La « faillite silencieuse » : entre impatience et curiosité

Je suis administrateur d’une PME confrontée à des difficultés financières. Les conditions de la faillite semblent remplies car l’entreprise n’est plus à même de faire face à ses dettes et ne peut plus obtenir de soutiens financiers. En effet, les banques refusent de m’accorder de nouveaux crédits et je ne trouve plus d’investisseurs. 

Ceci me désole car mon entreprise, ses actifs et ses activités, ont de la valeur. Or, le fracas de la faillite aura pour effet de les dévaloriser immédiatement. Par ailleurs, j’ai encore de l’énergie pour poursuivre cette activité et l’emploi mérite d’être sauvé.

Que faire ?

La « faillite silencieuse » ou encore « pre-pack cession » a été introduite parmi les différents outils présents dans notre arsenal législatif. L’objectif de cette nouvelle procédure est de répondre à la problématique décrite ci-dessus, en permettant d’organiser la reprise d’une entreprise en préservant la valeur de ses activités et l’emploi.

Concrètement, l’entreprise en état virtuel de faillite peut désormais déposer une requête en « aveu de faillite » et solliciter concomitamment la préparation privée (la procédure est confidentielle) d’une reprise.

La procédure de la « faillite silencieuse » se déroule et se résume schématiquement comme suit :

  • une audience se tient à huis-clos (sans publicité donc) dans les 3 jours du dépôt de la requête ;
  • un « curateur potentiel » et un « juge commissaire potentiel » sont immédiatement désignés ;
  • pendant une durée de 30 jours (renouvelable), le curateur potentiel évaluera le sérieux de la proposition de reprise des actifs et/ou activités. Il s’agit donc d’une « auto-reprise » encadrée par le curateur qui veillera au respect des droits des créanciers. Quant à la relation du débiteur avec le curateur potentiel, il devrait s’agir d’une « collaboration  active » ;
  • durant cette période, l’entrepreneur reste « maître à bord » tout comme dans une procédure de réorganisation judiciaire.
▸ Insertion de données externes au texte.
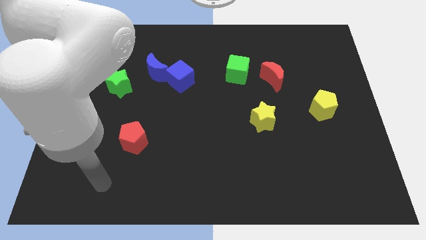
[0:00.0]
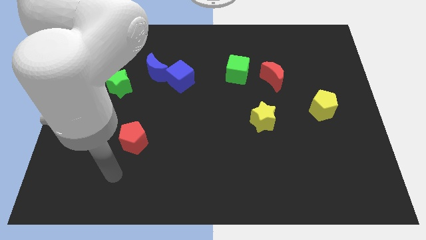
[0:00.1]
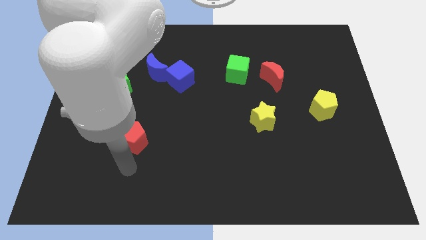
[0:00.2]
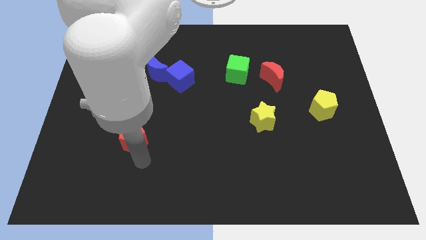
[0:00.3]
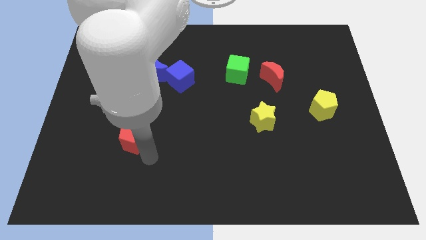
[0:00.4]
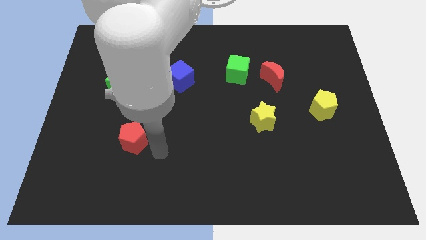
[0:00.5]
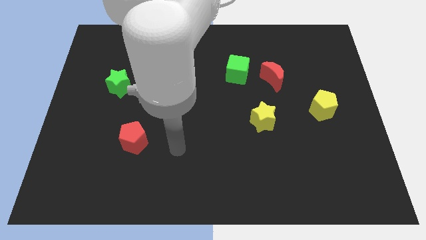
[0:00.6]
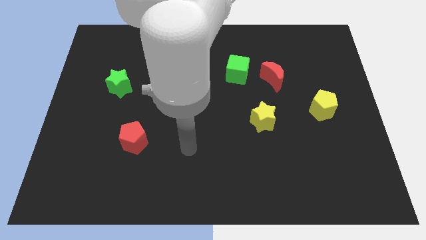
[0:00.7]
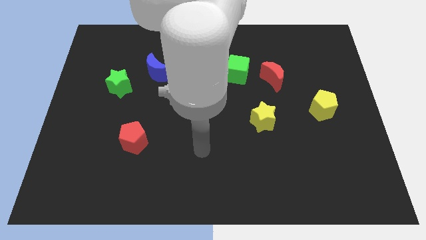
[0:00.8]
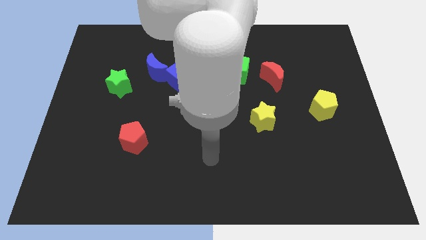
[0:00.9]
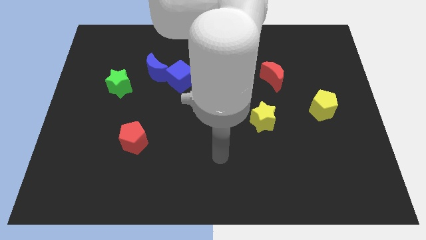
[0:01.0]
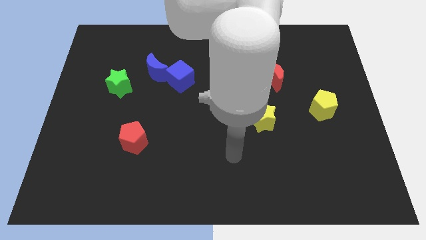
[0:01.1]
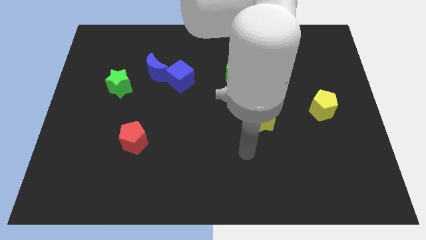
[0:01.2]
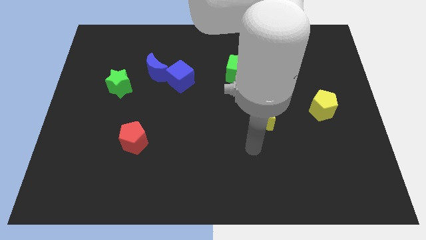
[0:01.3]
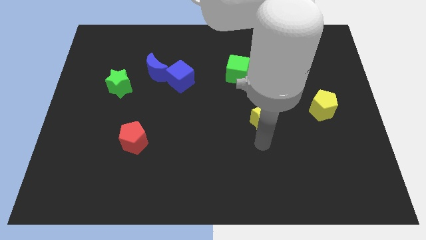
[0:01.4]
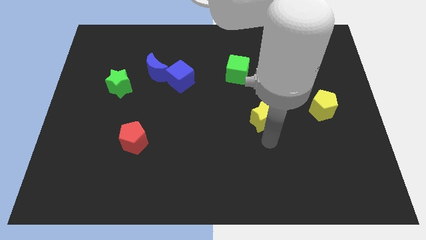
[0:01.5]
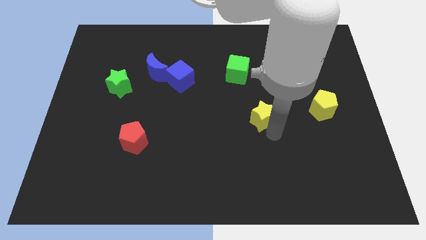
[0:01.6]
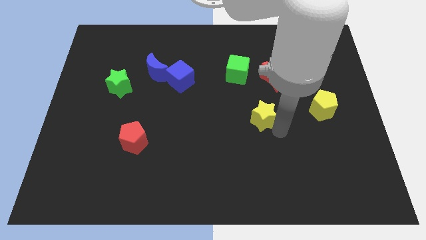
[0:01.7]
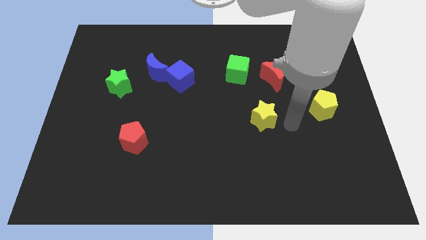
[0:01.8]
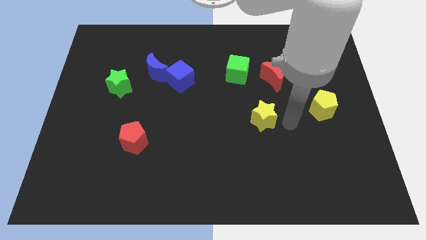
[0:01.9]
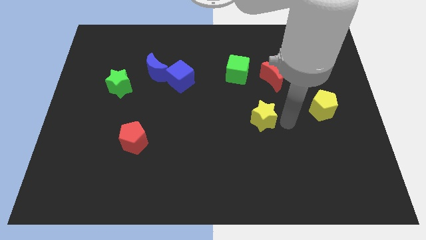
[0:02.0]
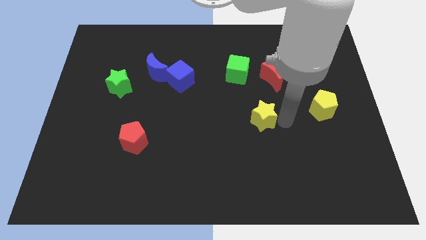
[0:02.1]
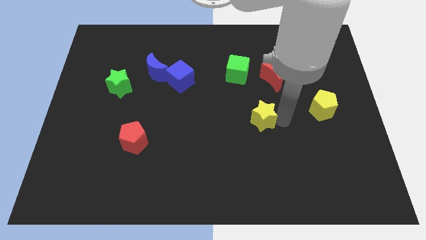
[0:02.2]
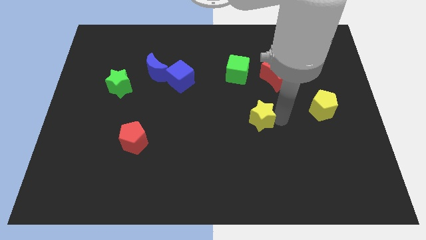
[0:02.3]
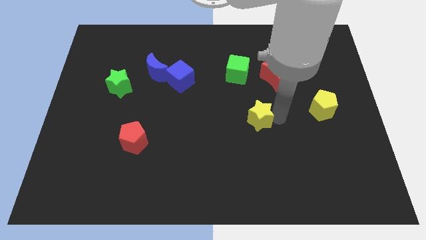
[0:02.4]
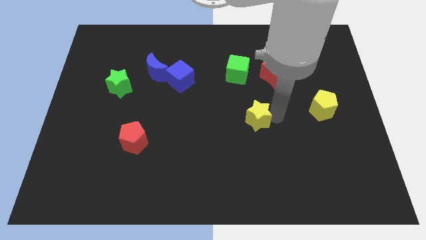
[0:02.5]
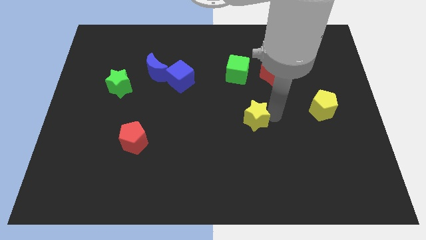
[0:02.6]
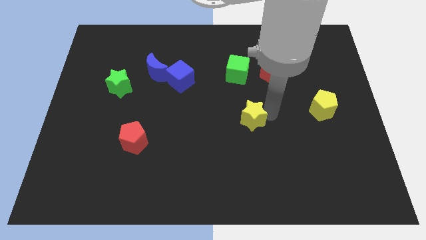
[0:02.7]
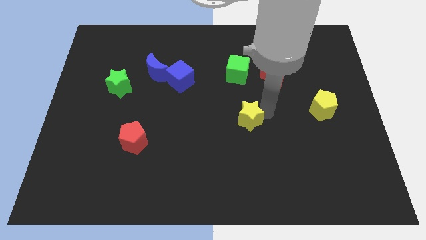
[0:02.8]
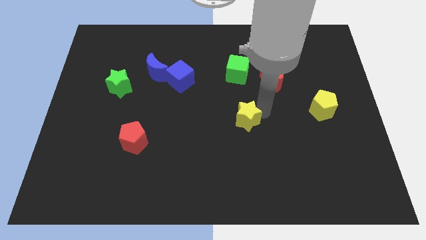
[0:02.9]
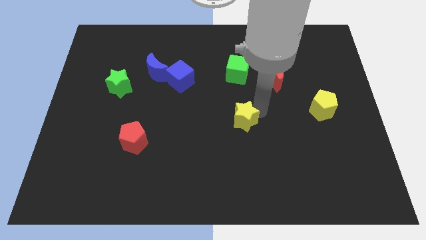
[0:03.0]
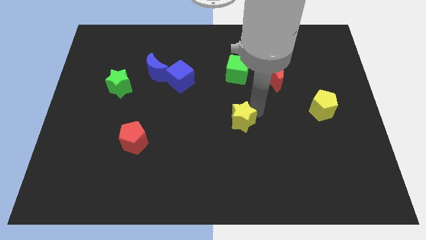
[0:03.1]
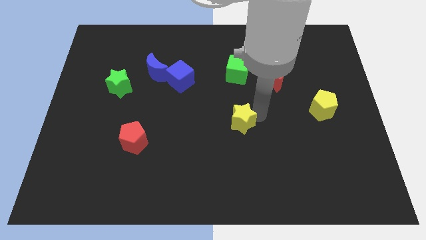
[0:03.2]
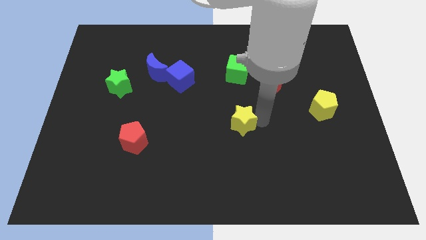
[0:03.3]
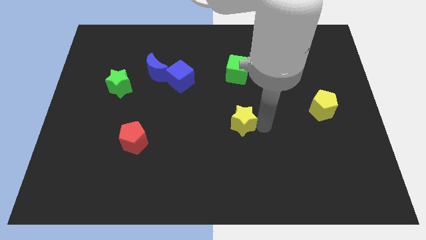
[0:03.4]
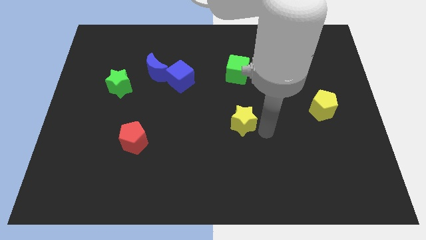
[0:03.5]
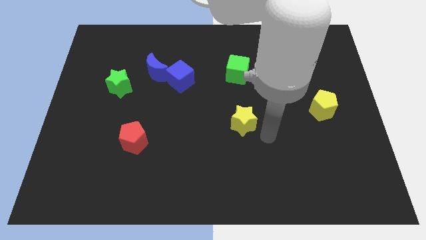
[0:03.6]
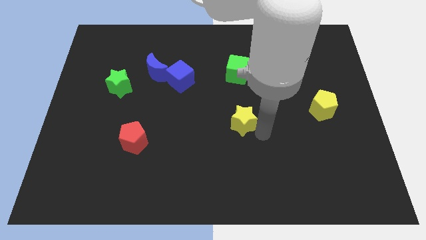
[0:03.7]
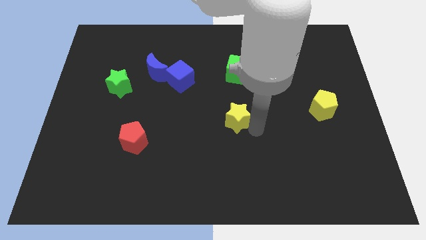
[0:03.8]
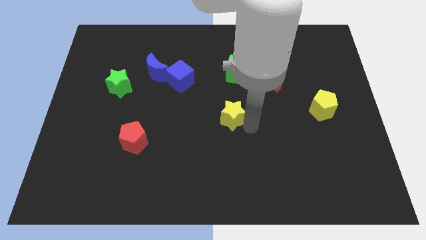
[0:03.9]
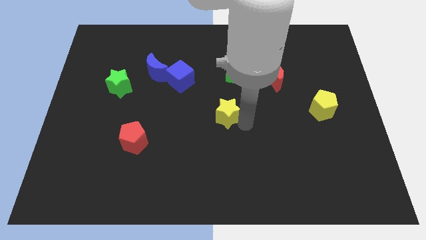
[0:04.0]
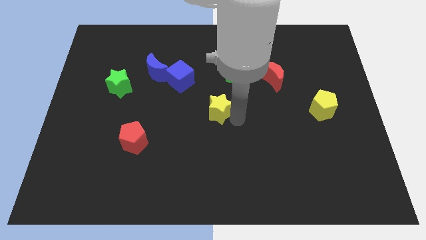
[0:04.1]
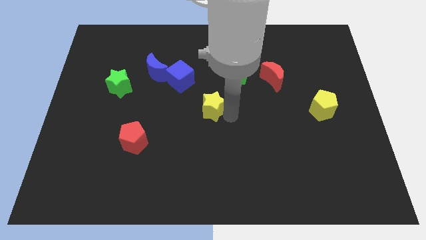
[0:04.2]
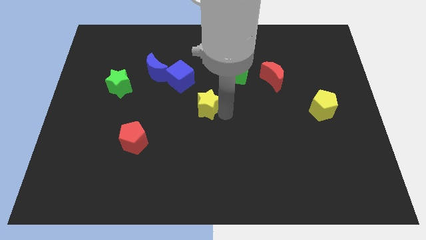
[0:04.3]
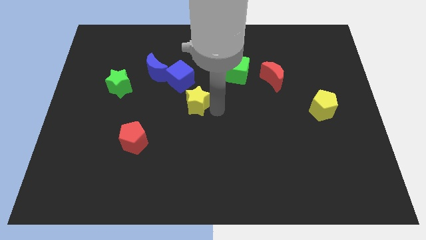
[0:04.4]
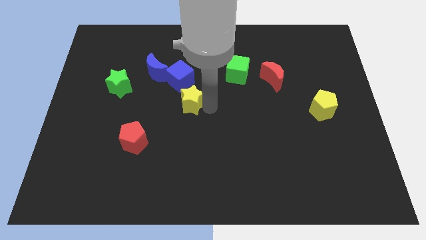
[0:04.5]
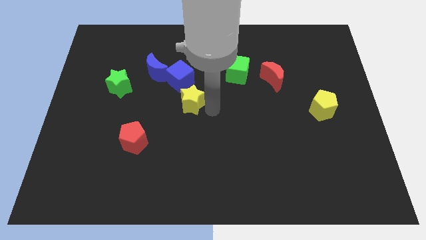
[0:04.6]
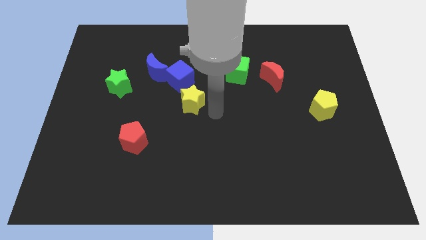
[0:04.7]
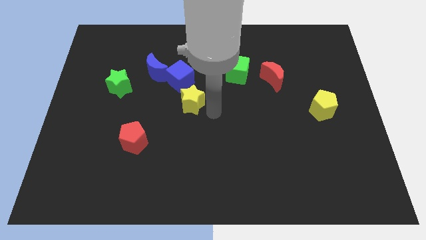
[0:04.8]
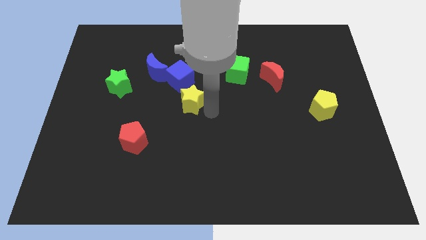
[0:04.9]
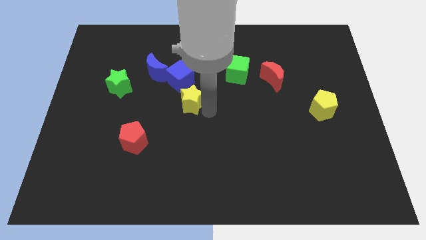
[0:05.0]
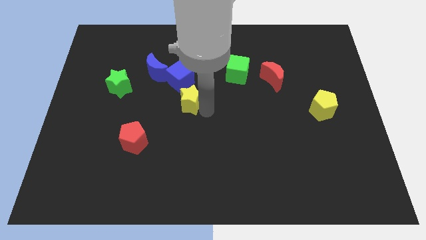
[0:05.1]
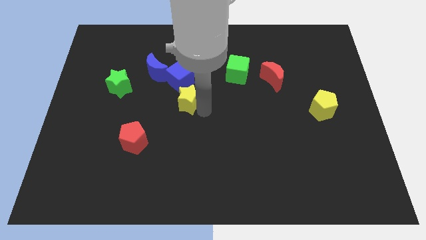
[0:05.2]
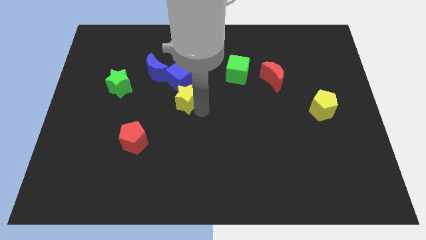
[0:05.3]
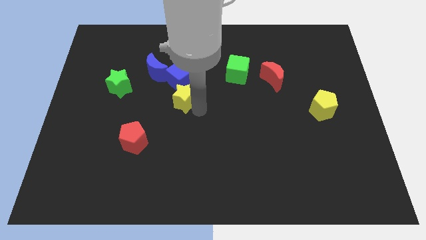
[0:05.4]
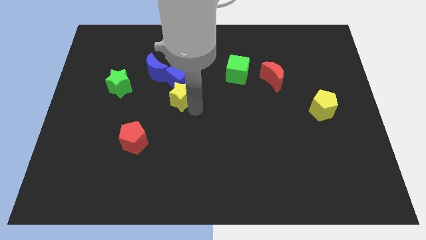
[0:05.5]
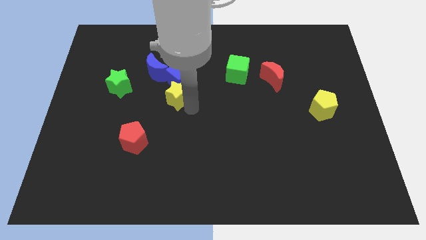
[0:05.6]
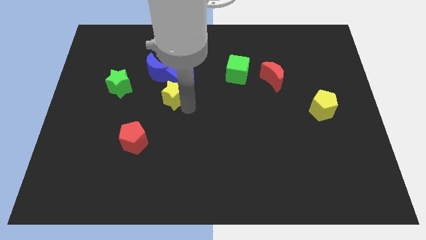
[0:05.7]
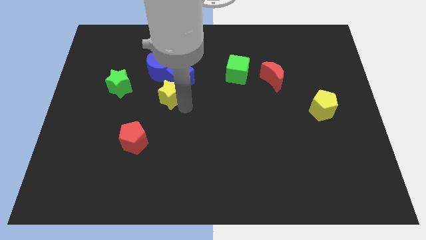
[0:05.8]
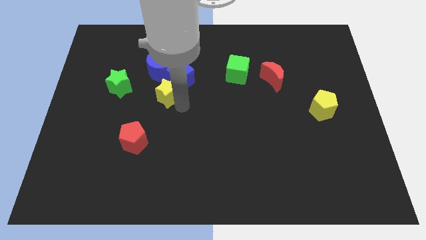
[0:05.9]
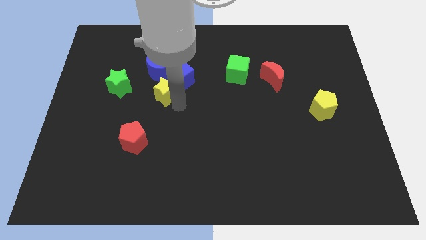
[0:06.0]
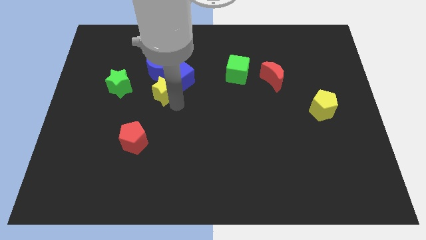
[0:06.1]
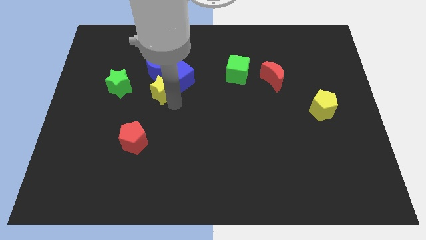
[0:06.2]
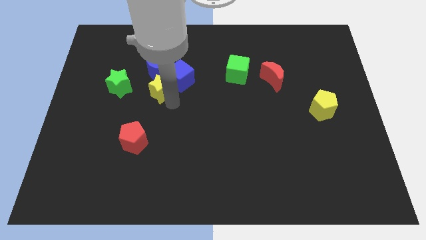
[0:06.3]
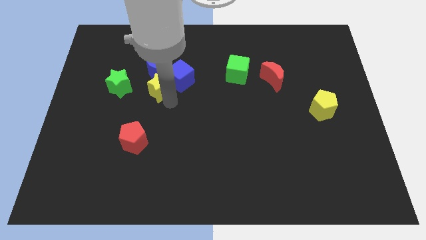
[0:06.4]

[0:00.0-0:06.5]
push the yellow star towards the blue moon

Par contre, son entreprise ne bénéficie pas d’un sursis le mettant à l’abri de ses créanciers ;
  • une fois le transfert préparé, la faillite sera ouverte et le transfert de l’entreprise s’organisera concomitamment.

Nous sommes impatients de voir les résultats de ce nouveau mécanisme. 

Les curateurs potentiels se l’approprieront-ils ? Les repreneurs potentiels l’activeront-ils à bon escient ? Le délai de 30 jours sera-t-il tenable pour les projets de transfert un peu compliqués ? La procédure de réorganisation judiciaire par transfert d’actifs survivra-t-elle à côté de celle-ci ? La procédure de la faillite silencieuse favorisera-t-elle réellement le maintien de l’emploi ?

La première requête en faillite silencieuse sera déposée cette semaine. Nous sommes partagés entre impatience et curiosité.